(The input)
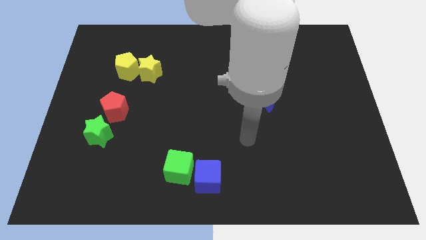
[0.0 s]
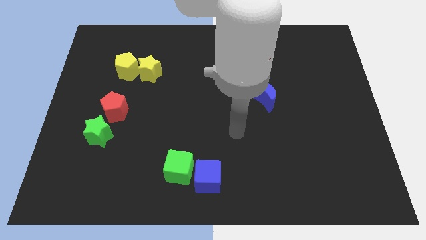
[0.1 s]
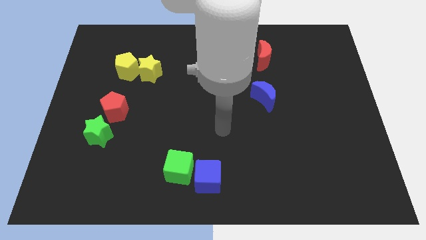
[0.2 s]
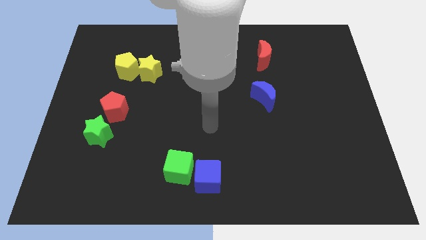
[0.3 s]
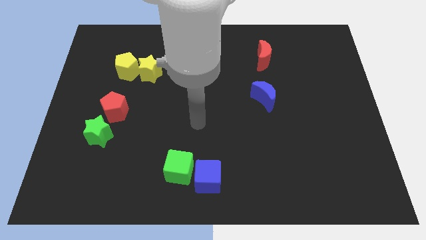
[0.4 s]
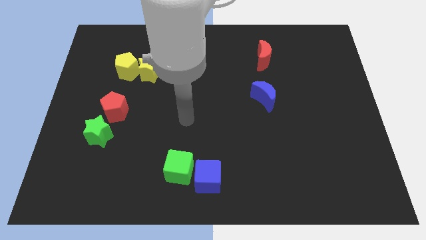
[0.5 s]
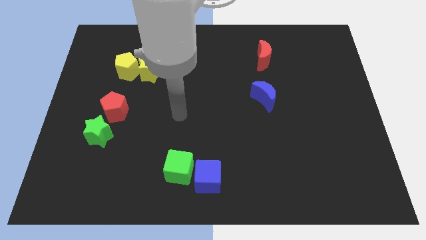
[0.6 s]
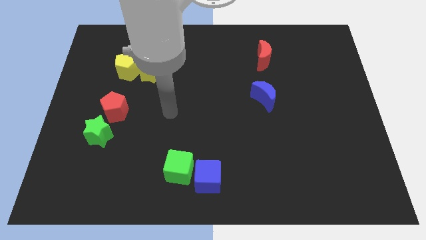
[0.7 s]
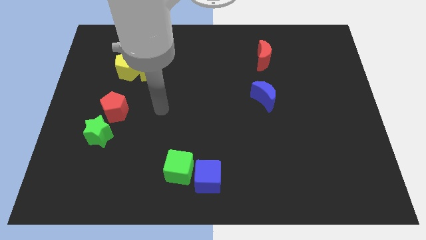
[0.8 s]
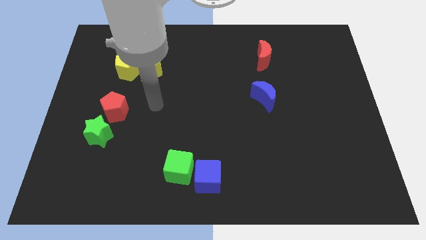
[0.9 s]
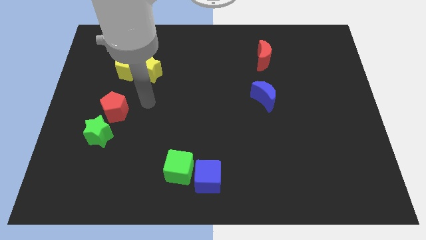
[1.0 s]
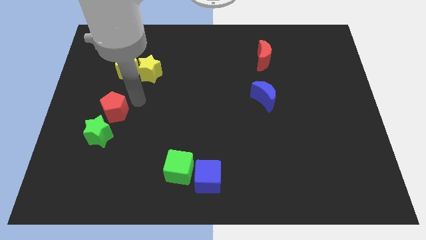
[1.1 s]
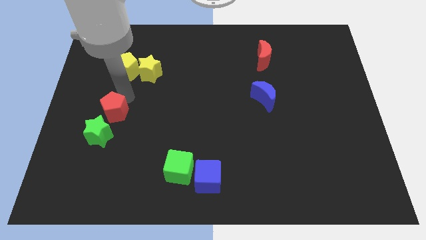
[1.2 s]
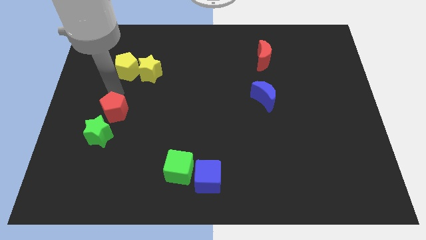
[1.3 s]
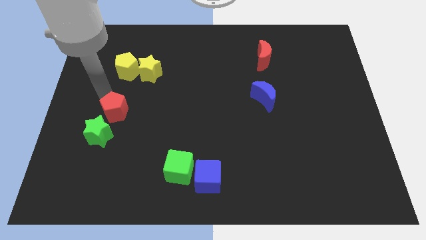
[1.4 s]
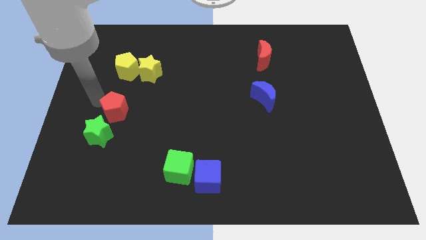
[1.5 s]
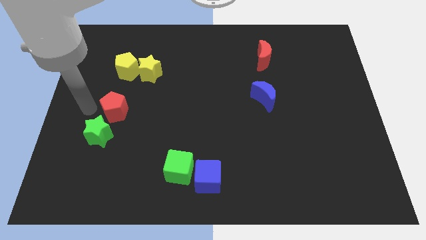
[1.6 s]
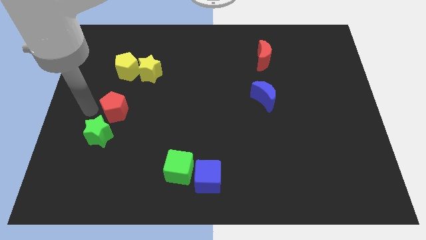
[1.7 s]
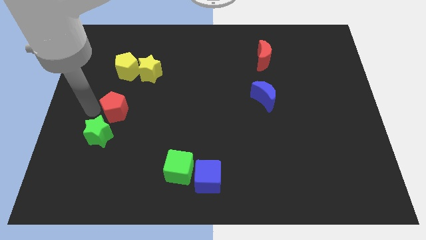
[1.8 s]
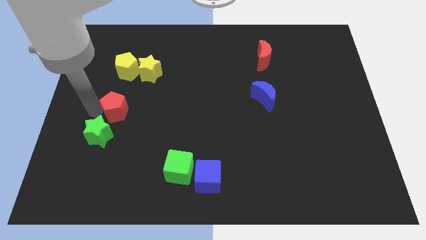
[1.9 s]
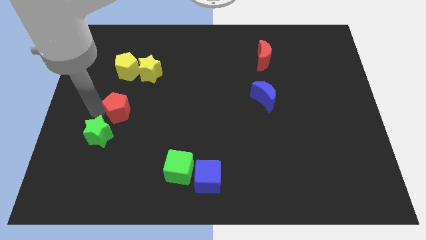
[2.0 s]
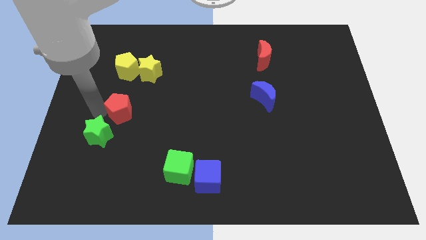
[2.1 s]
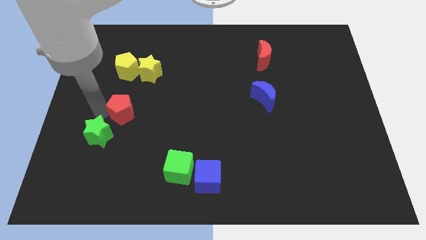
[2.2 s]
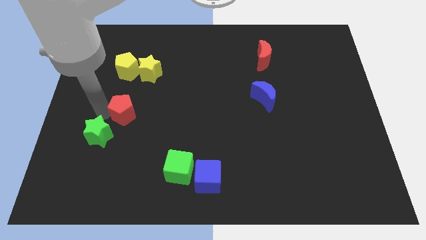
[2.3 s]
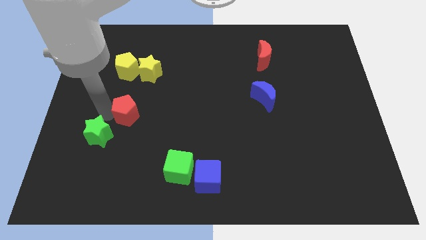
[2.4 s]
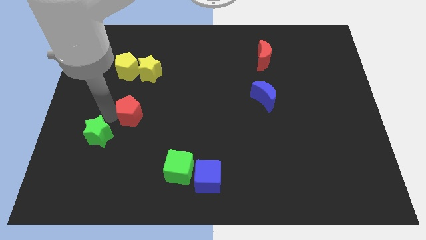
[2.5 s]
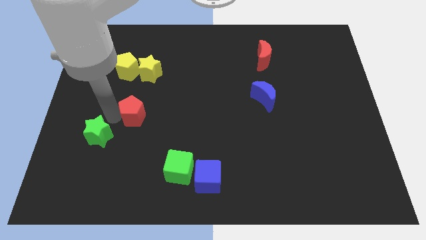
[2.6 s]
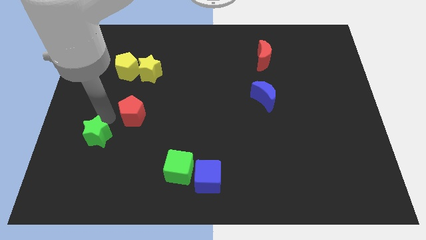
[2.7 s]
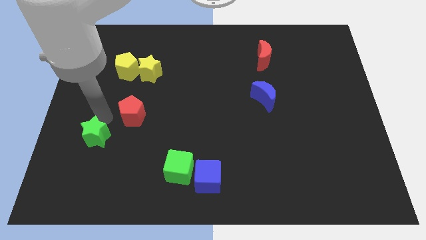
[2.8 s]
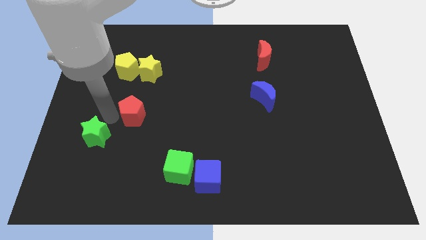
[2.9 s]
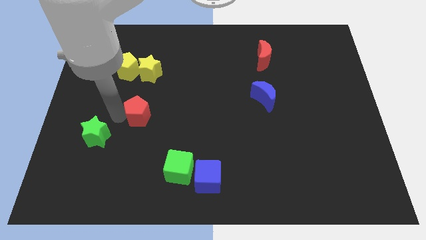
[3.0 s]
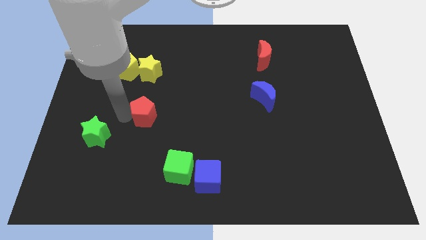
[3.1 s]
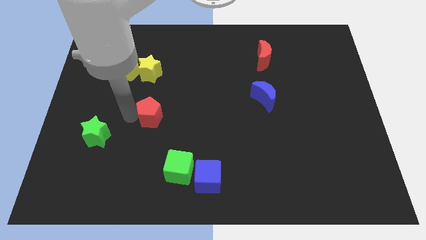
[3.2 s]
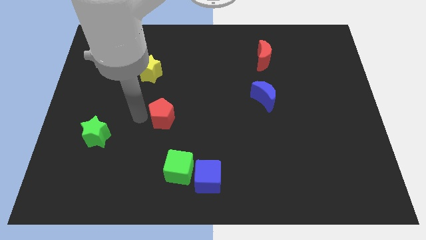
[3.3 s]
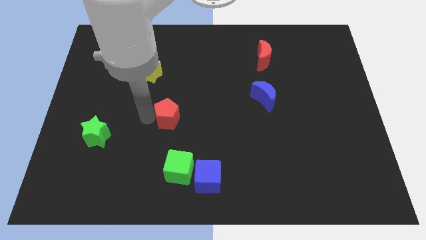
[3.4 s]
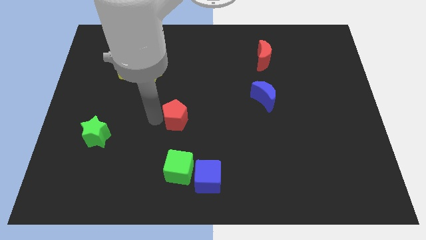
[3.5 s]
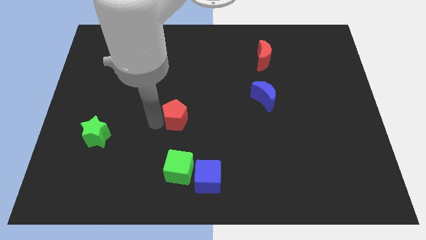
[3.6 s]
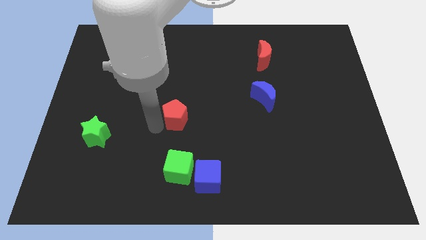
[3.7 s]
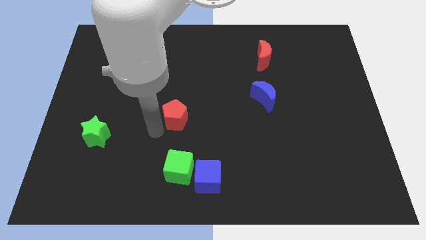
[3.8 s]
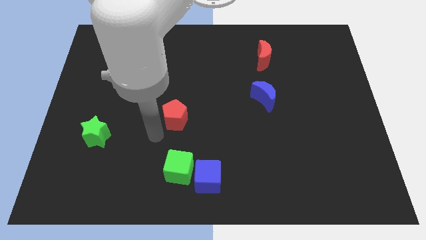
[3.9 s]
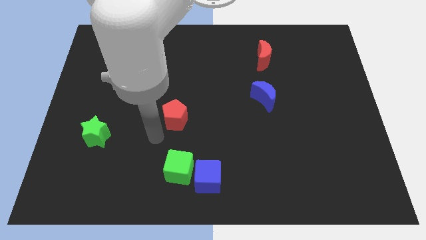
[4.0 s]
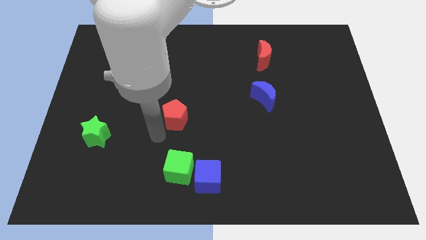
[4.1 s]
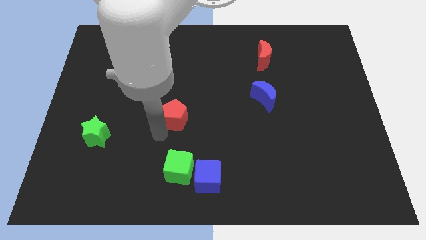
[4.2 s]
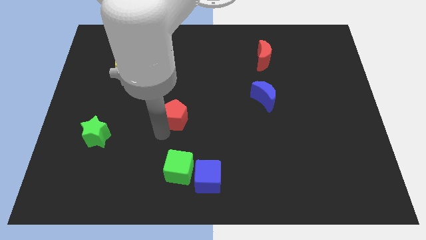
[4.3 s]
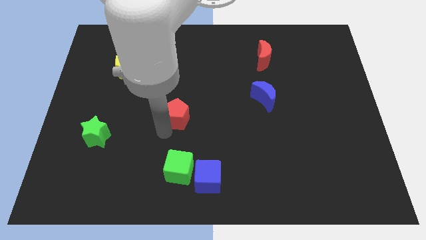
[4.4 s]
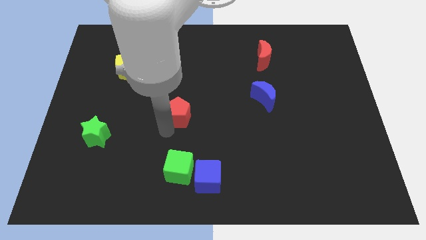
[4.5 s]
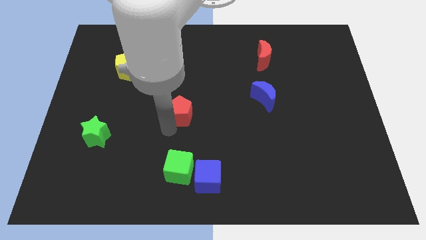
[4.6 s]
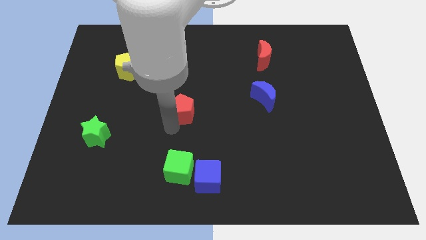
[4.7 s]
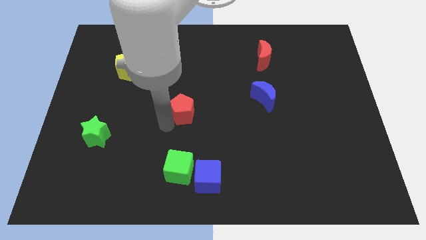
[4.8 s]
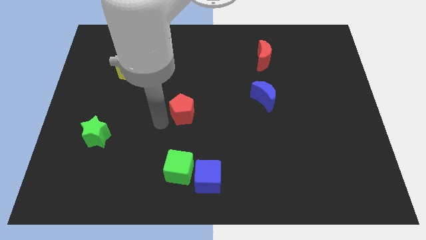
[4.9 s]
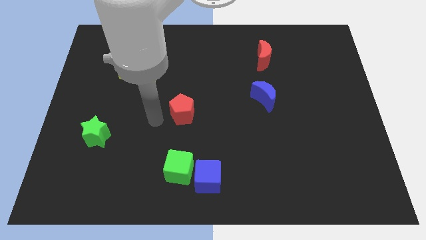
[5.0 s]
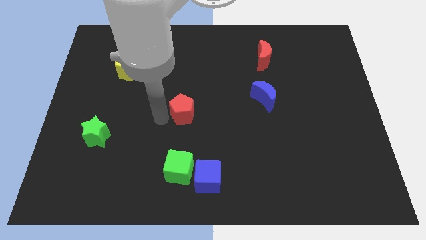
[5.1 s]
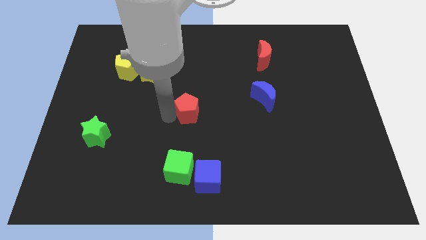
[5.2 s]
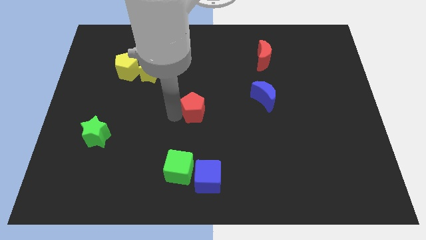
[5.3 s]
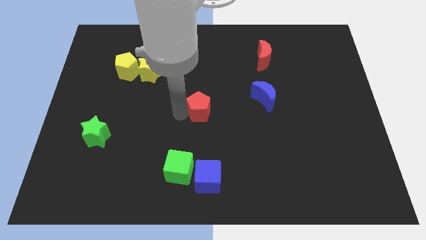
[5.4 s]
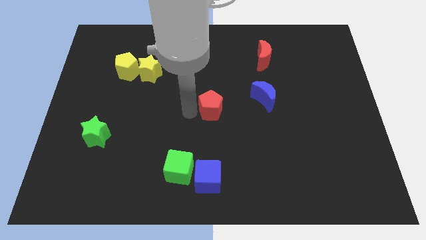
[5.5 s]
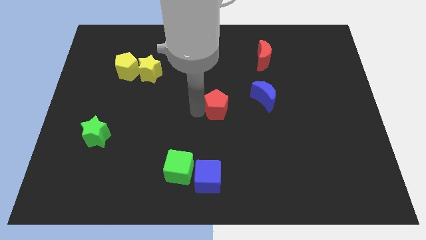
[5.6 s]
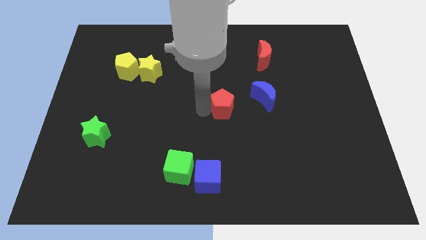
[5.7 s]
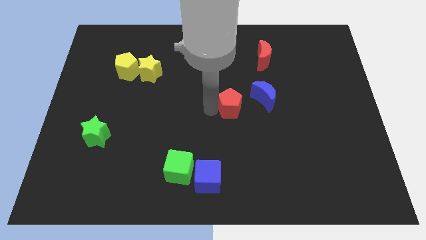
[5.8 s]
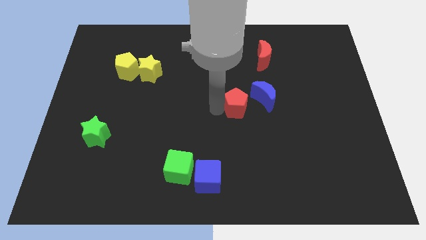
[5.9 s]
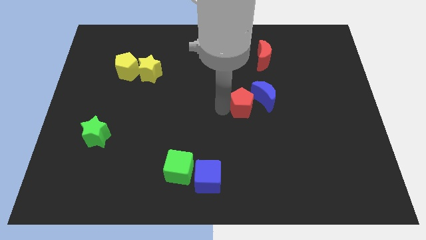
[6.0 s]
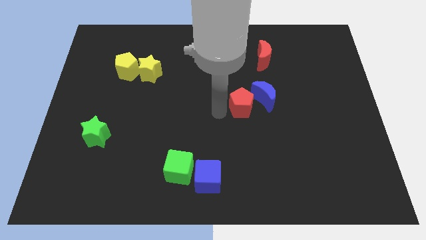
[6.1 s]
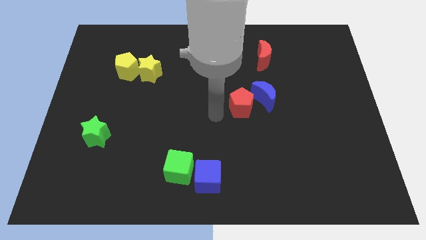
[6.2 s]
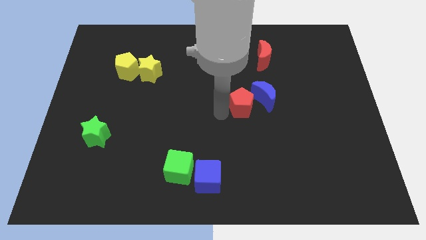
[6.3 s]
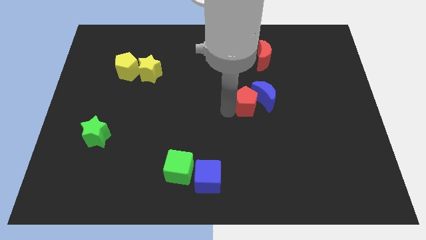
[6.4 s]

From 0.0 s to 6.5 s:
(End The input)
Exclude the pictures and transcribe all of the entries exactly.

[0.0 s]
[0.1 s]
[0.2 s]
[0.3 s]
[0.4 s]
[0.5 s]
[0.6 s]
[0.7 s]
[0.8 s]
[0.9 s]
[1.0 s]
[1.1 s]
[1.2 s]
[1.3 s]
[1.4 s]
[1.5 s]
[1.6 s]
[1.7 s]
[1.8 s]
[1.9 s]
[2.0 s]
[2.1 s]
[2.2 s]
[2.3 s]
[2.4 s]
[2.5 s]
[2.6 s]
[2.7 s]
[2.8 s]
[2.9 s]
[3.0 s]
[3.1 s]
[3.2 s]
[3.3 s]
[3.4 s]
[3.5 s]
[3.6 s]
[3.7 s]
[3.8 s]
[3.9 s]
[4.0 s]
[4.1 s]
[4.2 s]
[4.3 s]
[4.4 s]
[4.5 s]
[4.6 s]
[4.7 s]
[4.8 s]
[4.9 s]
[5.0 s]
[5.1 s]
[5.2 s]
[5.3 s]
[5.4 s]
[5.5 s]
[5.6 s]
[5.7 s]
[5.8 s]
[5.9 s]
[6.0 s]
[6.1 s]
[6.2 s]
[6.3 s]
[6.4 s]

From 0.0 s to 6.5 s:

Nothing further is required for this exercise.